Оценив мою решимость держаться до конца, отец схватил топор и убежал. Он вернулся с несколькими крепкими длинными колышками и вбил их обухом топора глубоко в землю на некотором расстоянии от края обрыва. Сняв ремень с ружья, он соединил его с веревкой, сделав большую петлю, которую ухитрился надеть мне на ноги, а потом протянуть вверх до подмышек. Конец веревки он привязал к одному из колышков, а затем накинул еще две веревочные петли мне на ноги и тоже закрепил их наверху.

— Отпускай корень, — скомандовал он. Я попытался разжать руки, но не смог. Они онемели и ничего не чувствовали.

— Не бойся, отпускай, я тебя вытащу, — уговаривал меня отец, но это было бесполезно. Корень и я стали одним целым, и никакая сила не могла заставить меня расстаться с ним.

Отец, использовав весь оставшийся запас веревки, опутал меня ею, осторожно подтягивая вверх и подвязывая к колышкам так, что я принял положение вниз головой, продолжая отчаянно цепляться руками за свою спасительную соломинку. Убедившись, что я надежно закреплен, отец взял топор, и, добравшись до основания корня, перерубил его, а потом за веревки вытянул меня наверх.

Домой я возвращался, держа перед собой обрубок корня. Только дома с помощью массажа, намыливания рук и отмачивания их в воде, корень удалось вынуть. Сама операция по спасению заняла около получаса, а провисеть полчаса на вытянутых руках в нормальном состоянии оказалось бы непосильной для меня задачей.
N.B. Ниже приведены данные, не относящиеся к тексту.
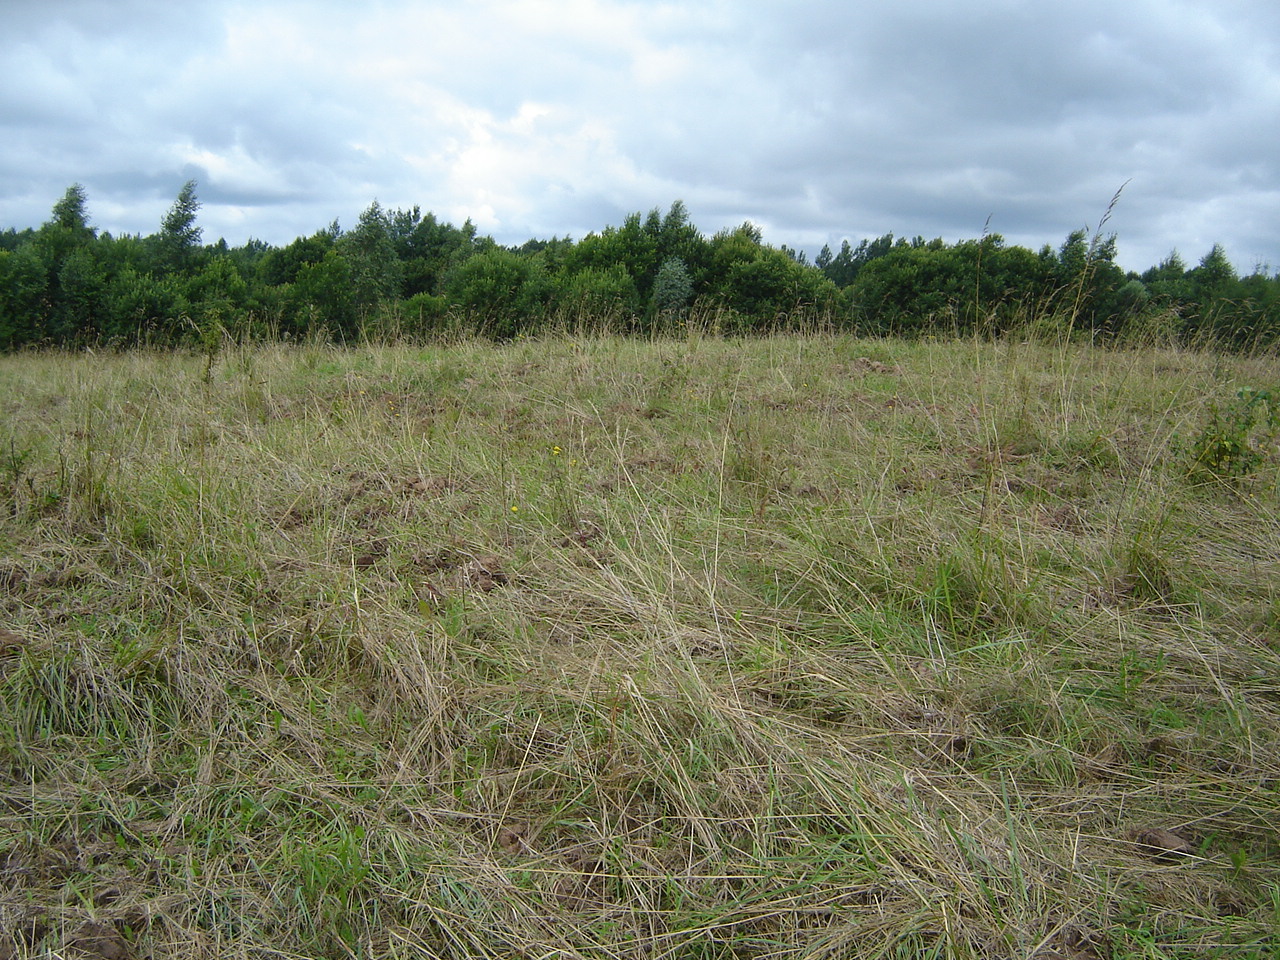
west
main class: Grassland
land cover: Spontaneously vegetated surfaces
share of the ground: > 75 %
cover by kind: herbaceous plants 95 %, shrubs 5 %
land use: Fallow land
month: July
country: LT
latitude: 55.2917
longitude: 25.0584
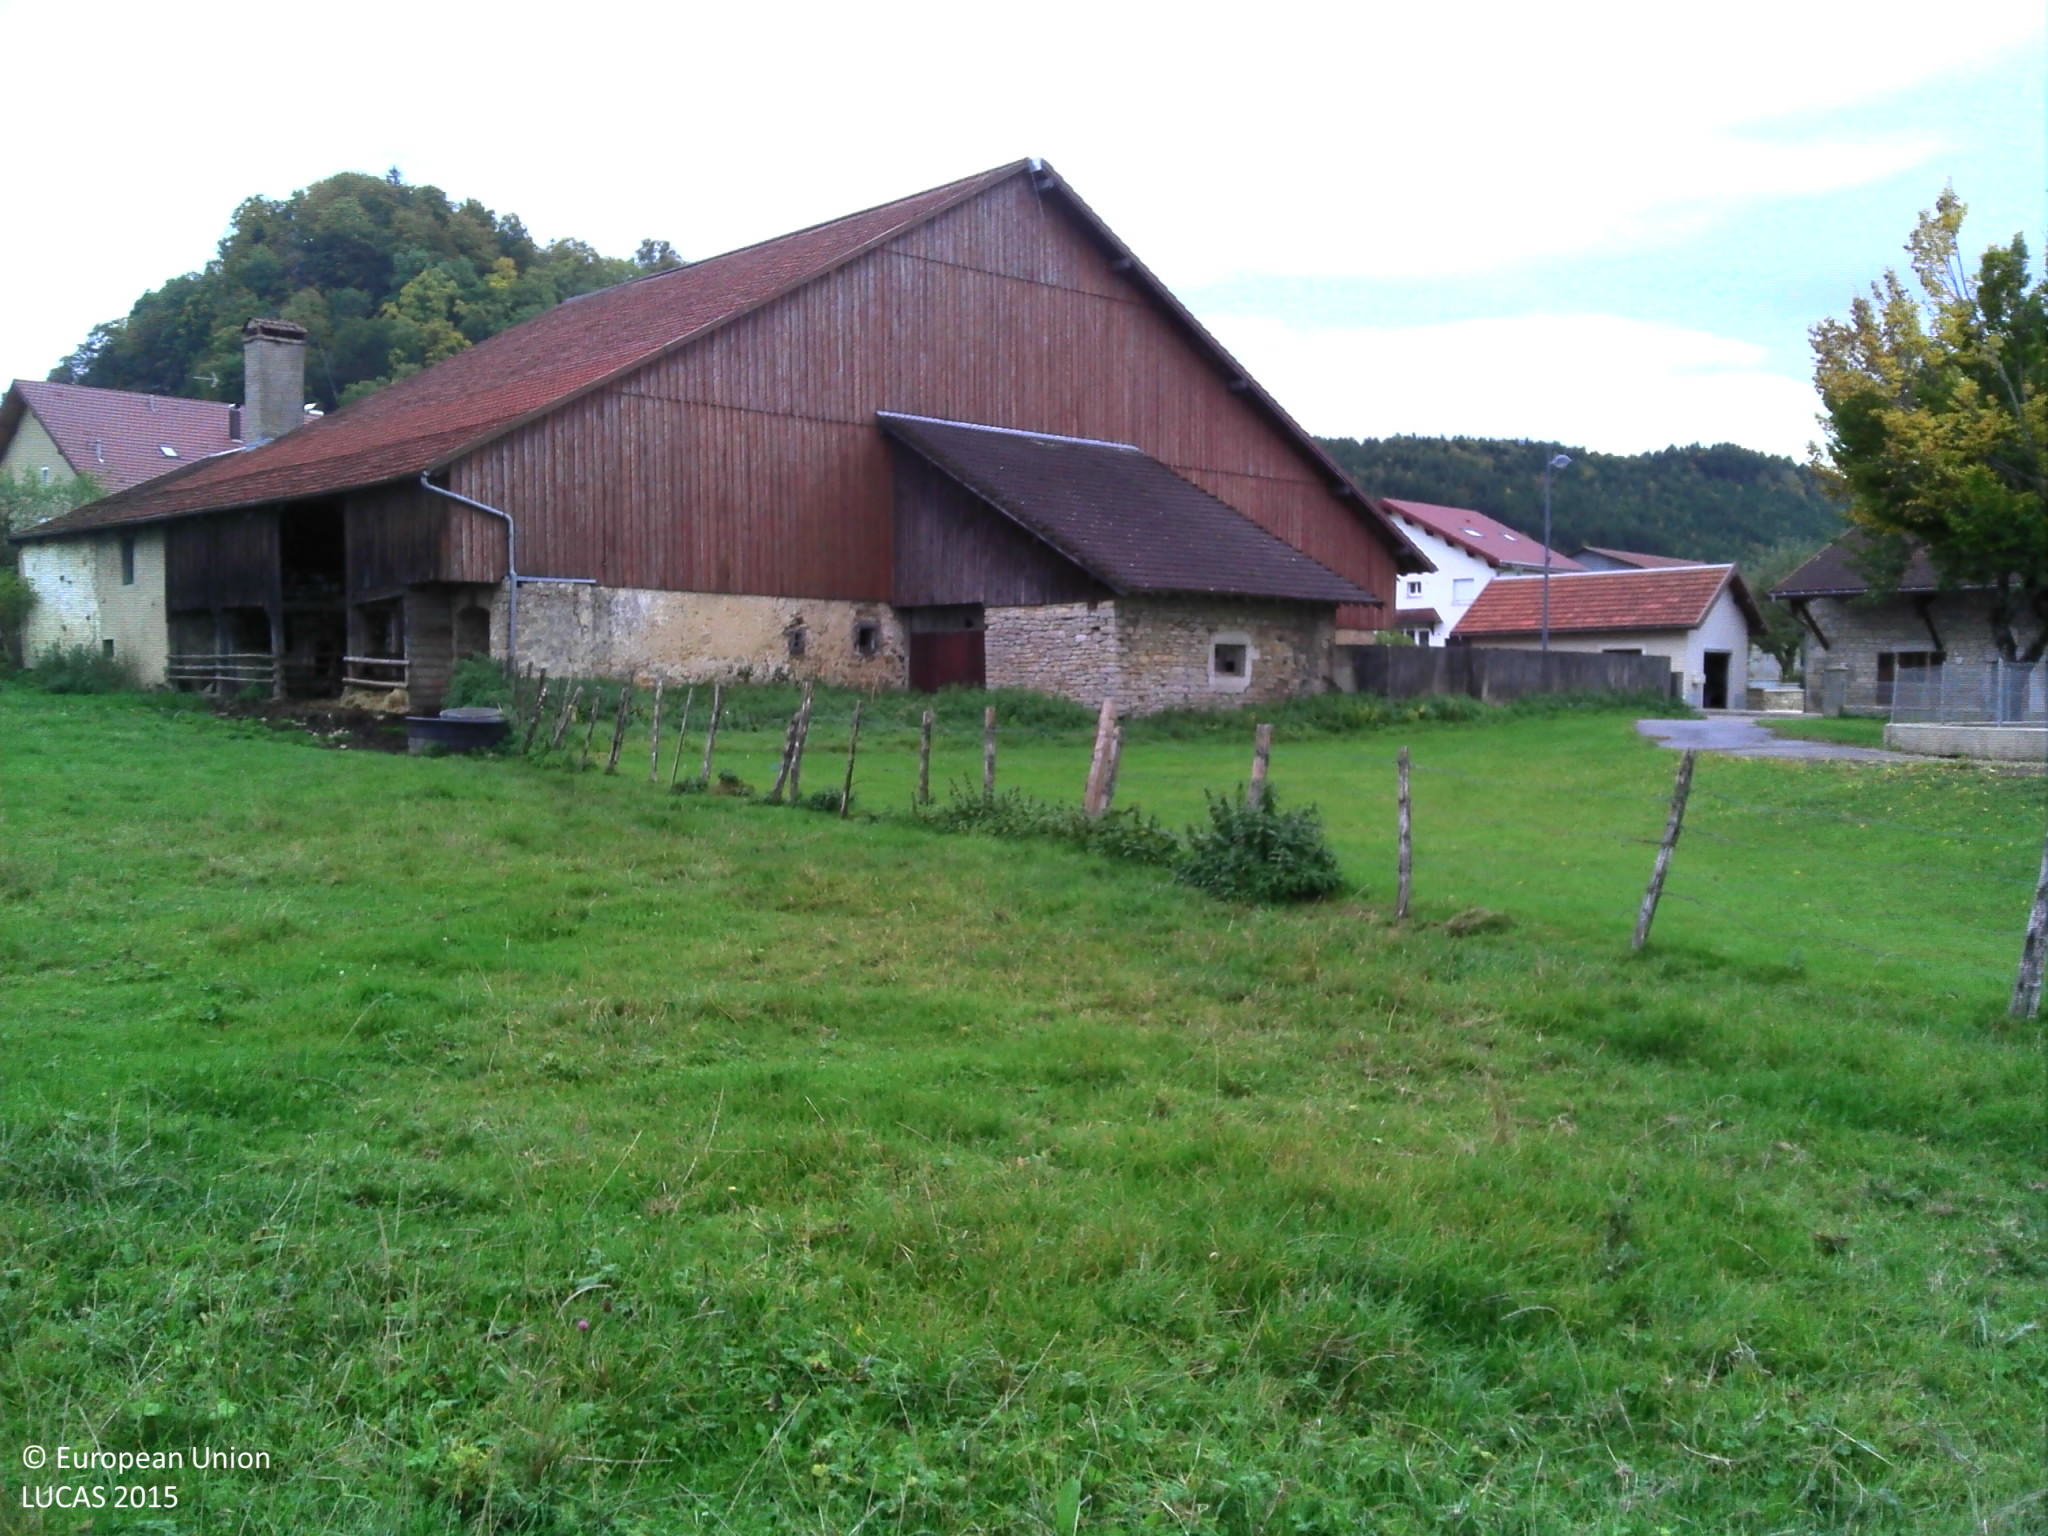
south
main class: Grassland
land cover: Grassland without tree/shrub cover
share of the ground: > 75 %
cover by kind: herbaceous plants 100 %
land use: Agriculture (excluding fallow land and kitchen gardens)
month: October
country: FR
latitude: 46.9528
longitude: 6.2575
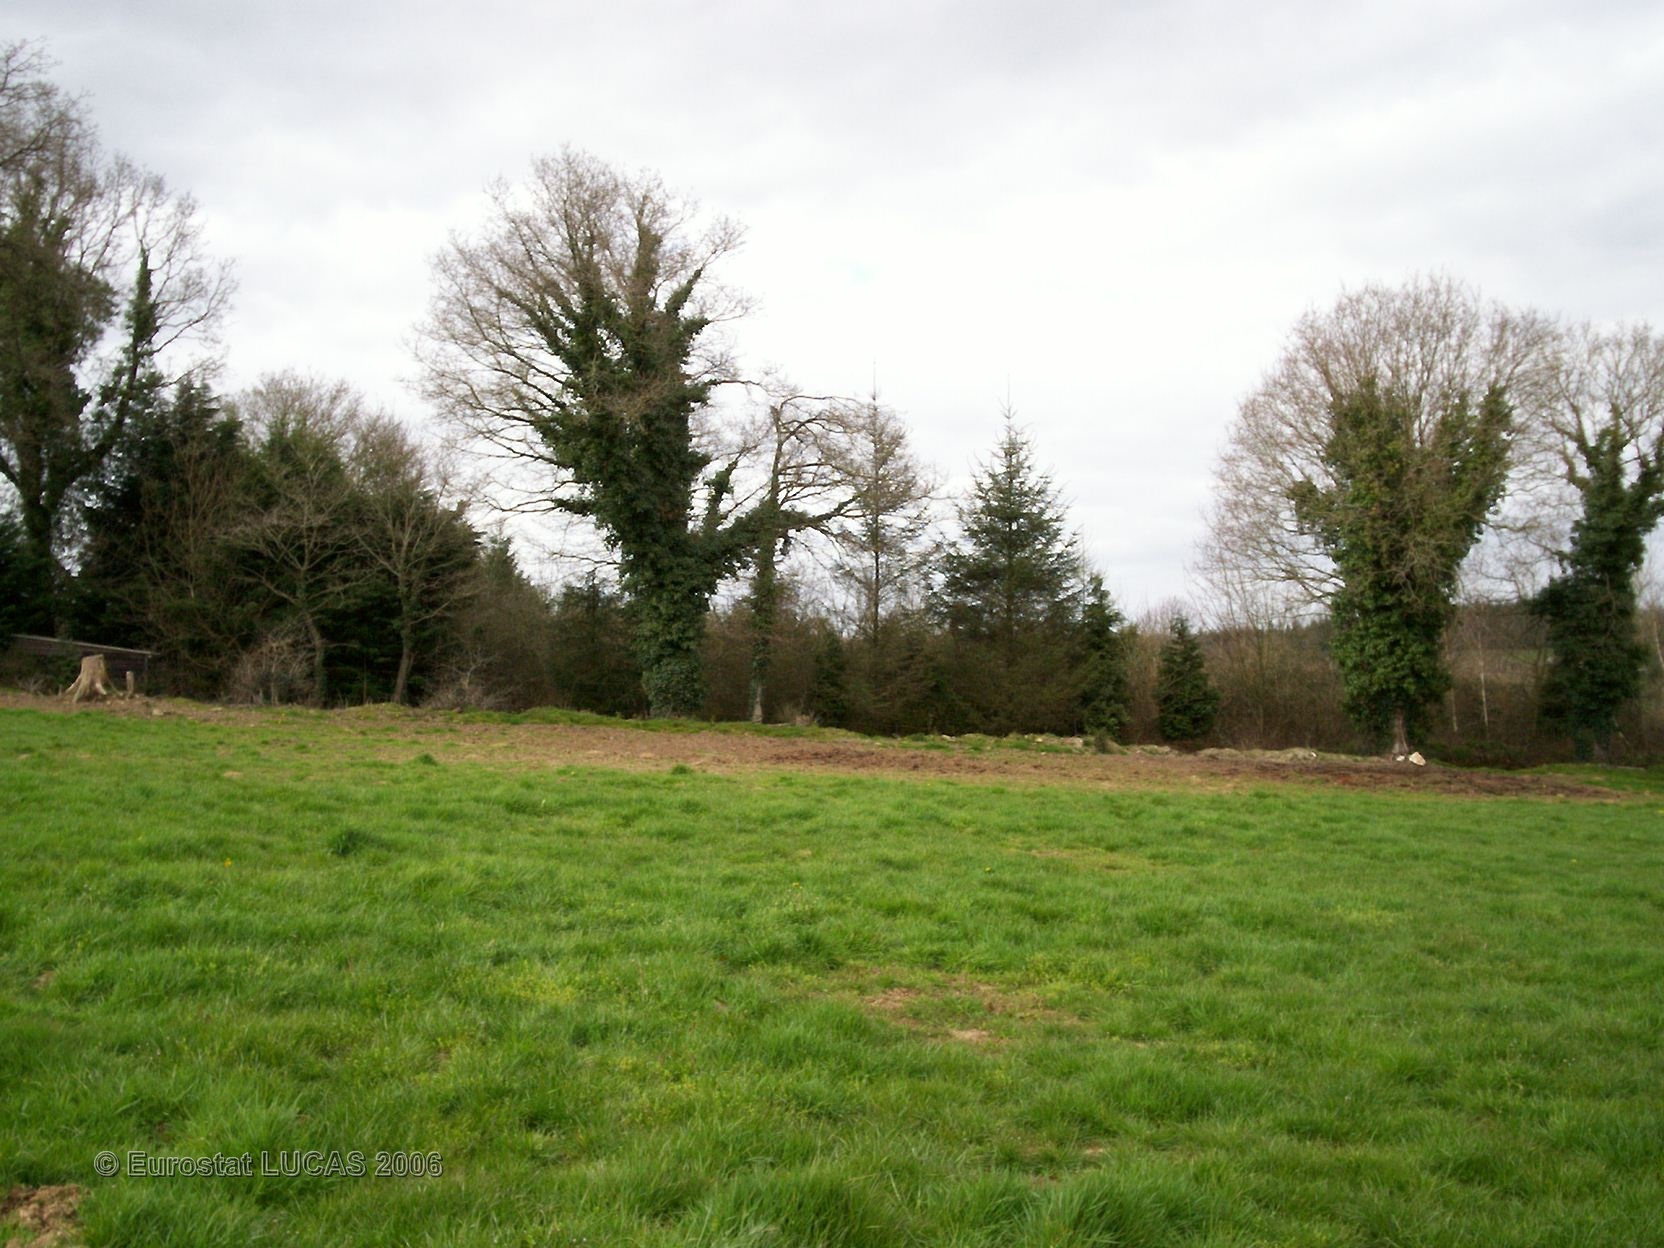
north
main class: Grassland
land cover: Grassland without tree/shrub cover
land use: Agriculture (excluding fallow land and kitchen gardens)
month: April
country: FR
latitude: 48.2079
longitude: -3.6584
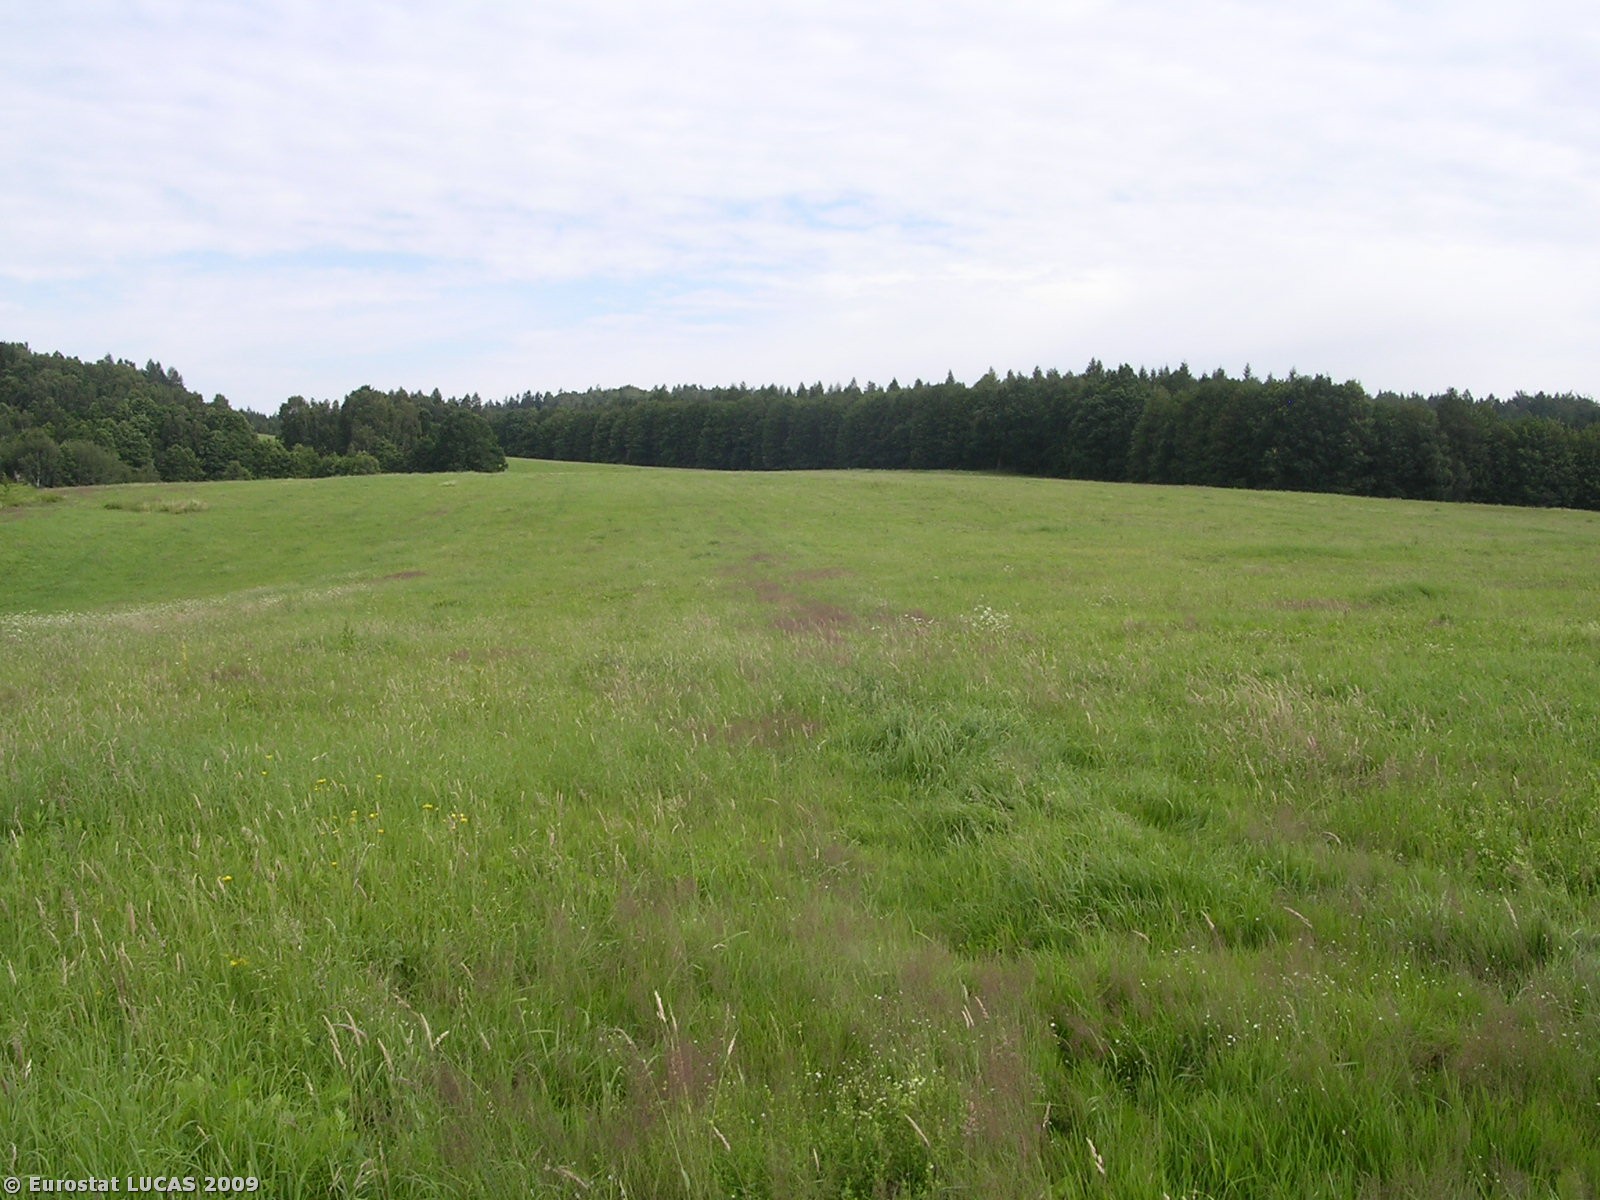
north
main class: Grassland
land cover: Grassland without tree/shrub cover
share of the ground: > 75 %
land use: Agriculture (excluding fallow land and kitchen gardens)
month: July
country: CZ
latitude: 50.7948
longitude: 15.0109

Только сейчас я понял, что то, что я сделал тогда, действительно было сверхусилием.

Учитель из кучки заготовленных впрок дров вынул обломок толстой ветки и протянул его мне.

— Сожми его в руках, — сказал он. — Возьмись за него так, как ты держался за корень. Я сделал то, что он просил.

— А теперь снова вспомни, как ты висел над пропастью, особенно то ощущение в руках, которое не позволяло тебе разжать их.

Выполнить это было нетрудно. Рассказывая эту историю Ли, я снова пережил события далекого детства так ярко, что мою тело еще было наполнено расслабленным ощущением тревожного покоя после пережитой смертельной опасности, когда страх уже прошел, но его послевкусие осталось, примешиваясь к опустошающей усталости, пришедшей на смену мучительному физическому напряжению.

Я вновь ощутил ужас от открывшейся внизу пропасти, над которой я покачивался, уцепившись за корень. Все мое внимание сосредоточилось на руках. Они сжимались все крепче и крепче. Кисти рук начинали неметь, затвердевая, как камень, и постепенно теряя чувствительность. Наконец я вообще перестал их чувствовать. Теперь меня мучила боль в плечах, растягивающихся и выворачивающихся под моим весом. Голос отца, что-то мне говоривший, отвлек меня и от этой боли, и вскоре я забыл о ней, уже ничего не ощущая, а лишь наблюдая, как корень медленно вылезает из земли, и как с шумом лопаются соединяющие его с обрывом отростки.

Вдруг корень рванулся из моих рук, и я, следуя за его движением, описал дугу и с размаху шлепнулся на землю. Ли, вцепившись в конец ветки, которую я сжимал в руках, размашисто водил ею из стороны в сторону, а я мотался вместе с ней, как консервная банка, привязанная к собачьему хвосту. Я изо всех сил пытался разжать руки, но не мог. Я не чувствовал их!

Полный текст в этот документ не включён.